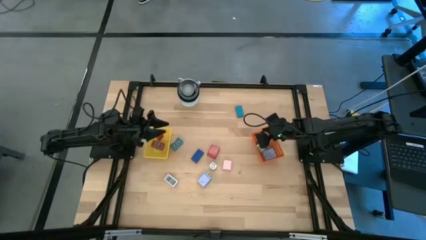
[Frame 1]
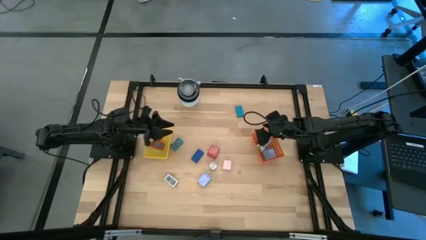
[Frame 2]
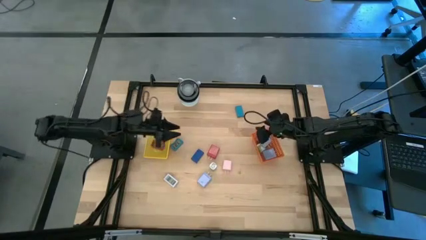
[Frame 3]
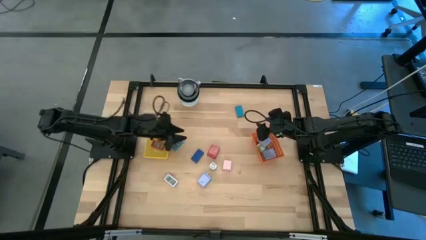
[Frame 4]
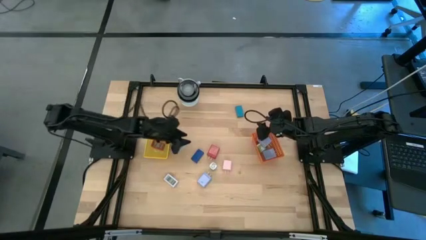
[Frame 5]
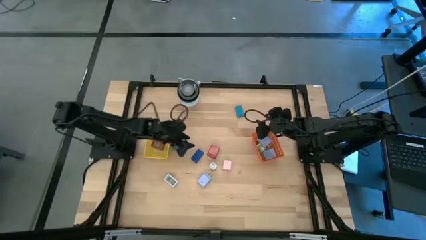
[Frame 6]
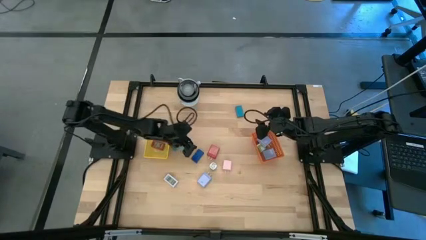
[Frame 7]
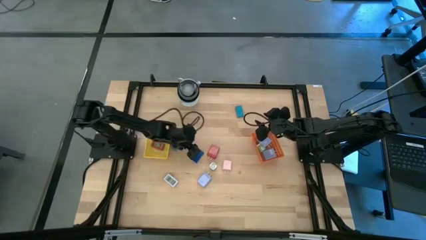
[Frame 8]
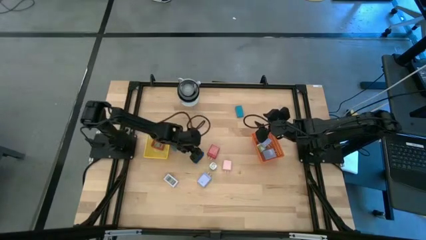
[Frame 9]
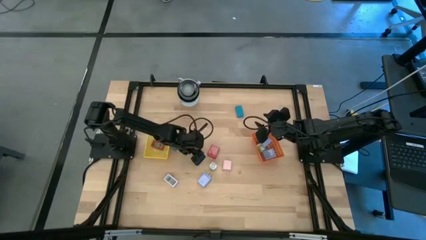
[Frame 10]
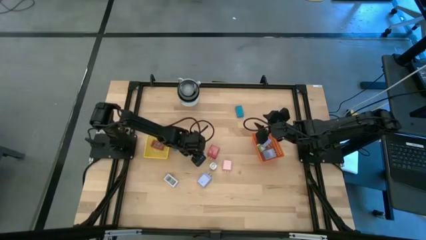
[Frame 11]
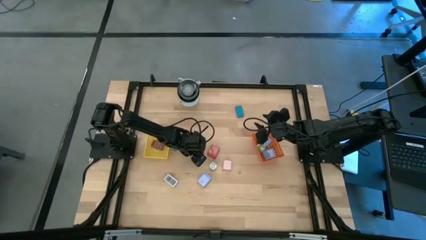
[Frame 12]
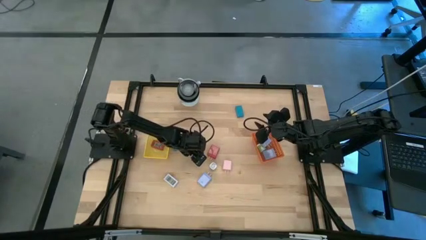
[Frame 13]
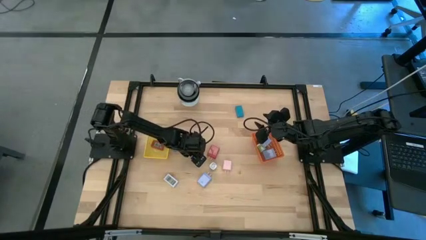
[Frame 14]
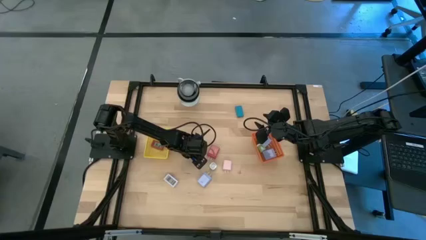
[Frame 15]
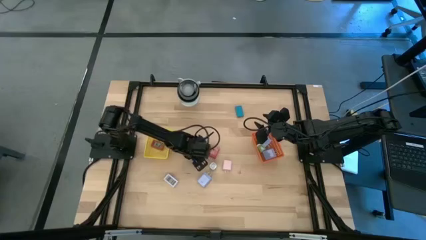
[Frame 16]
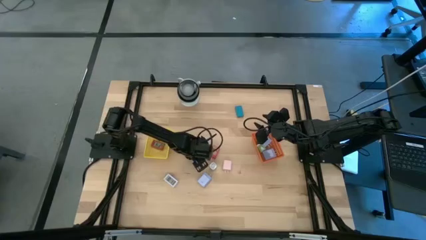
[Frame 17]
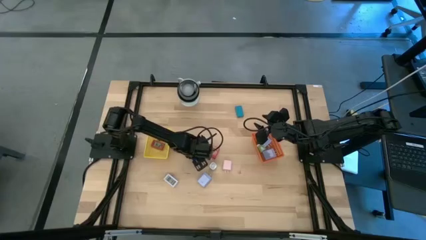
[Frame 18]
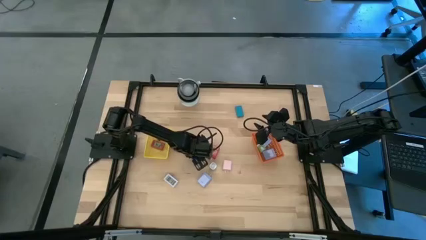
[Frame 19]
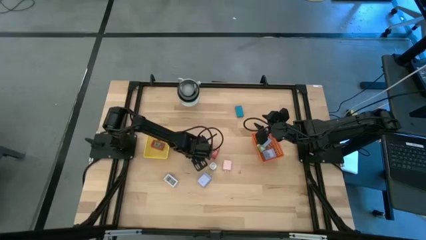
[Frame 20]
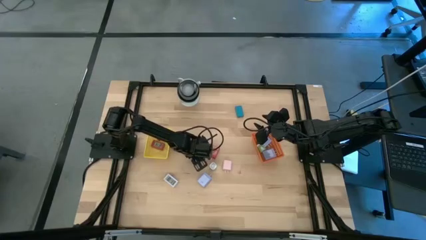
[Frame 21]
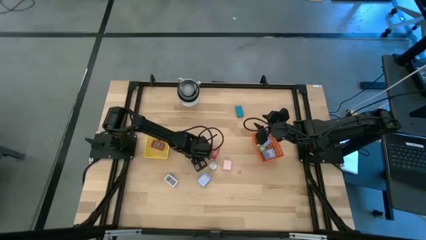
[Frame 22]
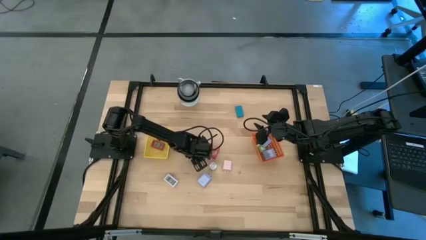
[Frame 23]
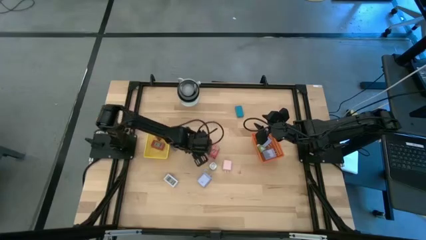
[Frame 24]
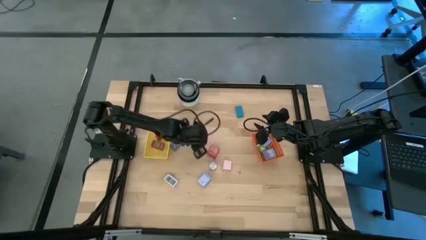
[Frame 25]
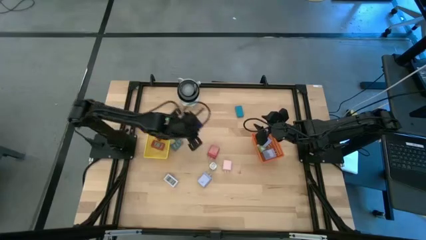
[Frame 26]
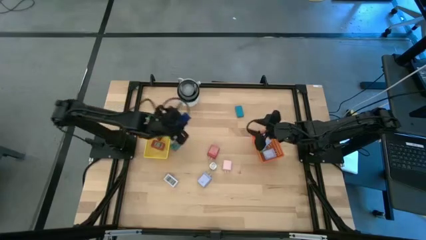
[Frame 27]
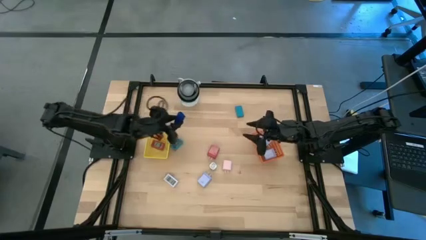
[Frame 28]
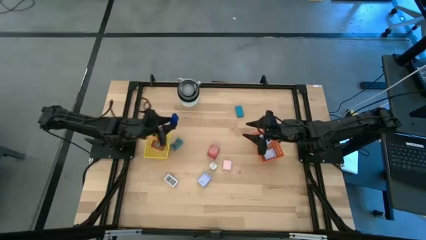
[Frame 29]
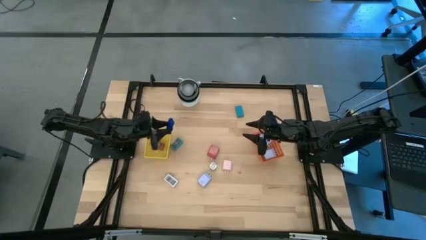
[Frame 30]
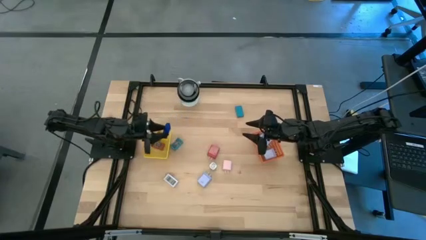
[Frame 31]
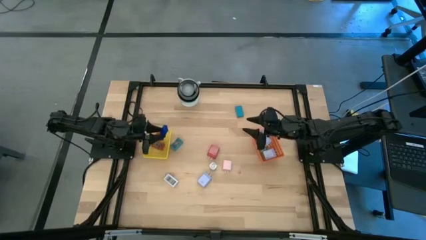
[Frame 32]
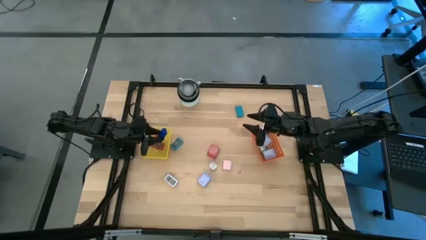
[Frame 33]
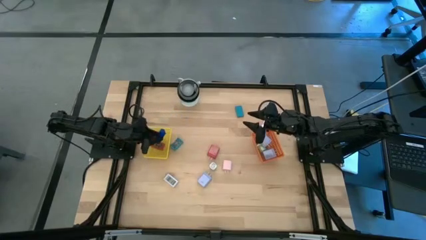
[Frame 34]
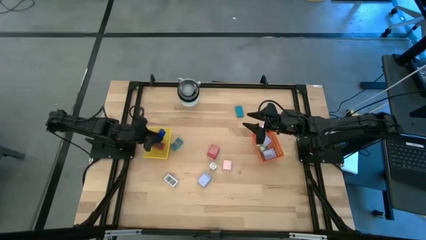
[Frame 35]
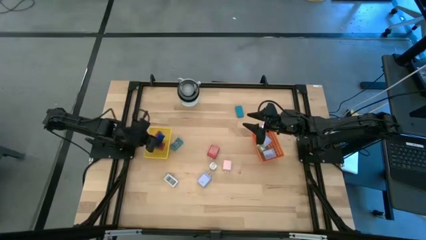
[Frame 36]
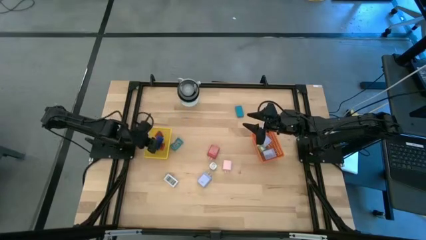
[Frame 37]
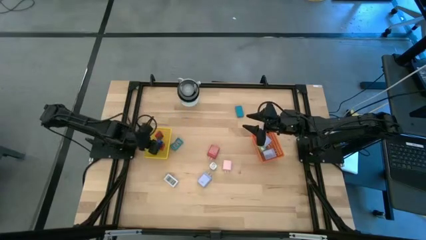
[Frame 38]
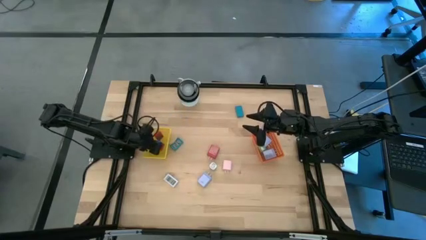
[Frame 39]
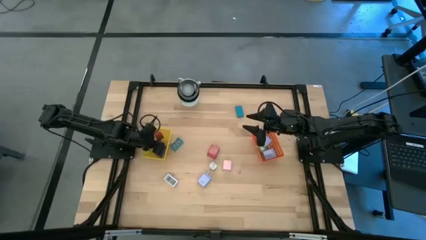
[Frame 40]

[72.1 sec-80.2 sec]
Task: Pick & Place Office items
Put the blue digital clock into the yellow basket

★ ★ ★ ★ ★

## Required work
A verbatim copy of the entries, stripped of pictures, should be produced.

## Output for this exercise
[Frame 1]
[Frame 2]
[Frame 3]
[Frame 4]
[Frame 5]
[Frame 6]
[Frame 7]
[Frame 8]
[Frame 9]
[Frame 10]
[Frame 11]
[Frame 12]
[Frame 13]
[Frame 14]
[Frame 15]
[Frame 16]
[Frame 17]
[Frame 18]
[Frame 19]
[Frame 20]
[Frame 21]
[Frame 22]
[Frame 23]
[Frame 24]
[Frame 25]
[Frame 26]
[Frame 27]
[Frame 28]
[Frame 29]
[Frame 30]
[Frame 31]
[Frame 32]
[Frame 33]
[Frame 34]
[Frame 35]
[Frame 36]
[Frame 37]
[Frame 38]
[Frame 39]
[Frame 40]

[72.1 sec-80.2 sec]
Task: Pick & Place Office items
Put the blue digital clock into the yellow basket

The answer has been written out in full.